There may be a difference of up to $ 3 million between similar home loans – the key being a fixed repayment



Due to the ever-expanding mortgage lending market, there is a lot of competition in the market and so there are significant differences between offers. With a $ 7 million home loan taken over 15 years, there may be a difference of up to $ 3.5 million in repayment. While variable rate schemes are cheaper, those who want a predictable repayment should be able to apply for a fixed-term loan for several years, up to 5-15 years.

 

This year saw a turnaround in the home loan market

This year saw a turnaround in the home loan market

With new home loan agreements exceeding $ 300 billion in the first eight months of the year, an increase of 45% compared to the same period of the previous year. The increased interest is also shown by the fact that at BankRáció.hu, which deals with the comparison of bank offers, the number of people interested in home loans increased by 67 percent in the first eight months of the year. “The booming market forces banks to become more competitive, but it doesn’t matter which bank and exactly what kind of home loan applicants take out. The differences are significant, ”said Peter Gergely, a loan expert at BankRáció.hu.

For a $ 7 million 15-year loan, there may be a difference of up to $ 3.5 million in repayment.
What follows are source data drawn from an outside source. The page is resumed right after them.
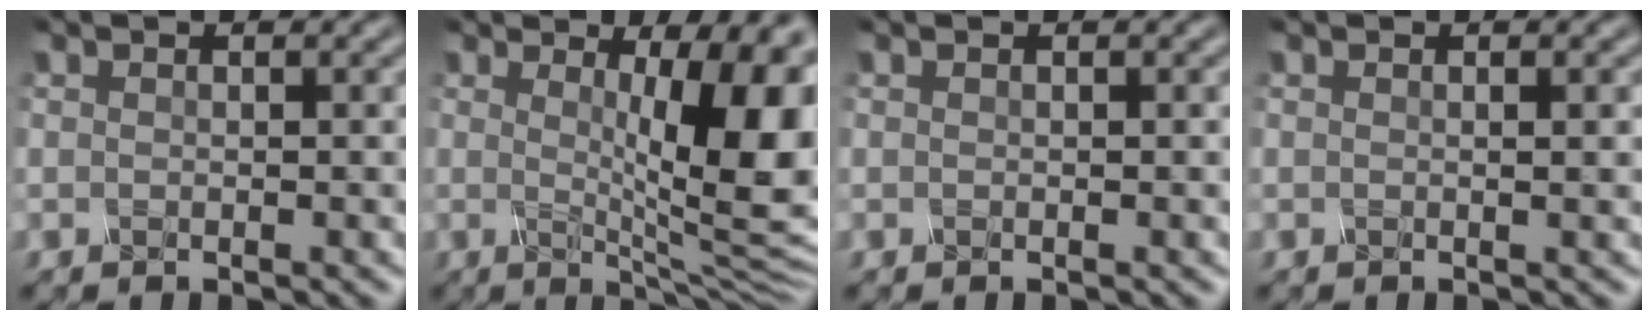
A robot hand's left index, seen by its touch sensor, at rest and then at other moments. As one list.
[{"total": 11.7, "force": [1.5, 3.1, 11.2], "torque": [-0.129, -0.014, 0.025]}, {"total": 0.0}, {"total": 1.3, "force": [0.1, 0.4, 1.2], "torque": [-0.010, 0.003, -0.003]}]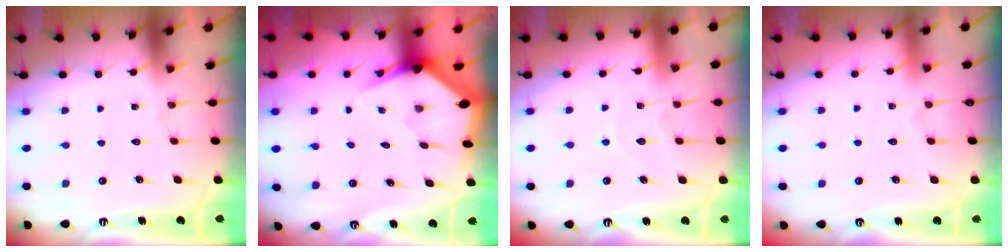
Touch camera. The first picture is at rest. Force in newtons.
{"total": 3.6, "press": 3.6, "slide": 0.3}
{"total": 6.0, "press": 6.0, "slide": 0.6}
{"total": 3.1, "press": 3.1, "slide": 0.5}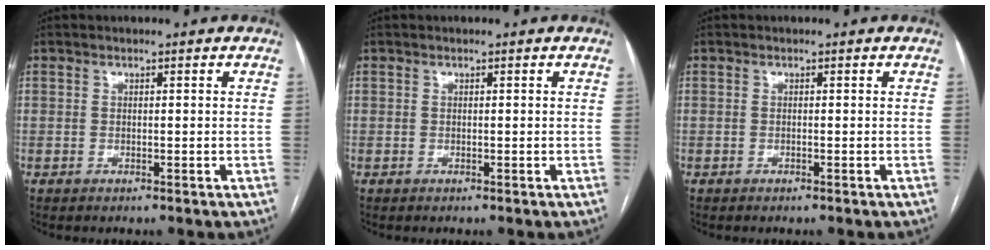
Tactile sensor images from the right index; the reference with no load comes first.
{"total": 0.0}
{"total": 0.0}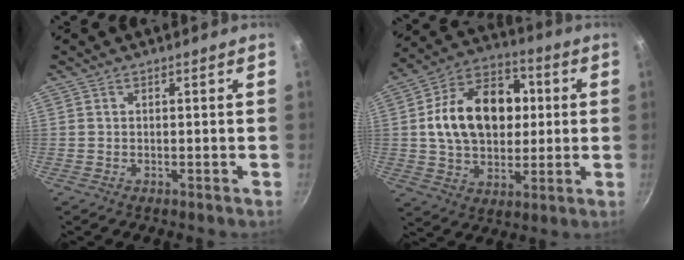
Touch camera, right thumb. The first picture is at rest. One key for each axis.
{"total": 19.9, "fx": 2.2, "fy": 14.2, "fz": 13.8, "tx": -0.190, "ty": 0.024, "tz": 0.028}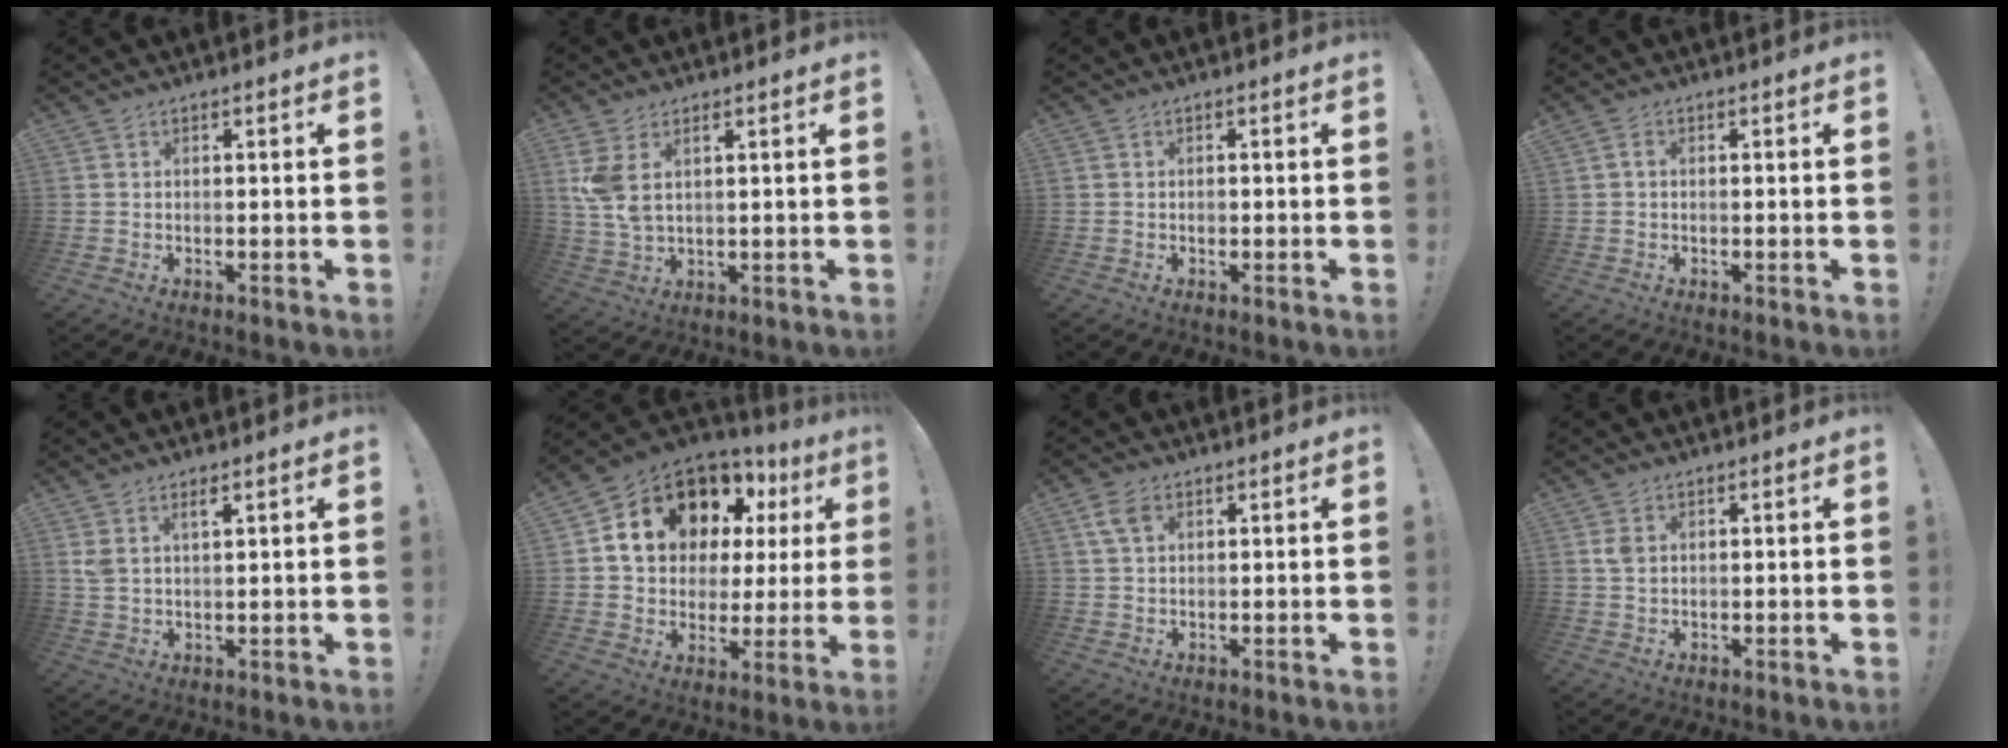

According to BankRáció.hu’s comparative analysis of the offers valid at the beginning of October, the best offer for this loan will have to be repaid in the amount of $ 8.6 million over 15 years, which means an initial monthly repayment of $ 48 thousand. The most expensive loan facility will have to be repaid in the amount of 12.1 million forints over 15 years, which is 66.3 thousand forints per month.

 

The interest period plays a key role

The interest period plays a key role

According to Jorge Gerly, however, it is very important that for the cheapest and most expensive loan in question, only the amount borrowed and the maturity are the same, but not only the difference between the banks but also the interest period plays a role. Although floating rate loans – 3, 6 or 12 months – are initially cheaper, if the interest rate changes, the monthly repayment may change. “Any increase in the base rate during the term of the loan may increase the installment,” he added. However, long-term loans with a fixed repayment term of 5 to 15 years can be applied for, with the same amount being payable each month over a given period. If the loan applicant wants a predictable, predictable repayment, then they are offered loans with a fixed installment for 5-15 years.

“At the same time, those who choose these are also worth a look at the offer, as for fixed-term loans of 5 to 15 years there is a significant difference of up to $ 2 million in the total repayable amount. Therefore, it is not only worth asking for a quote from your own bank, as another bank can offer better terms and conditions, and with the help of inquiries, you can save millions, ”he said.

 

Mortgage market may continue to boom in the coming period

Mortgage market may continue to boom in the coming period

With more and more borrowers opting for long-term, secure, fixed-term loans. One of the most important factors in the growth of the housing loan market may be the increase of the room for maneuver of households, especially their net real wages.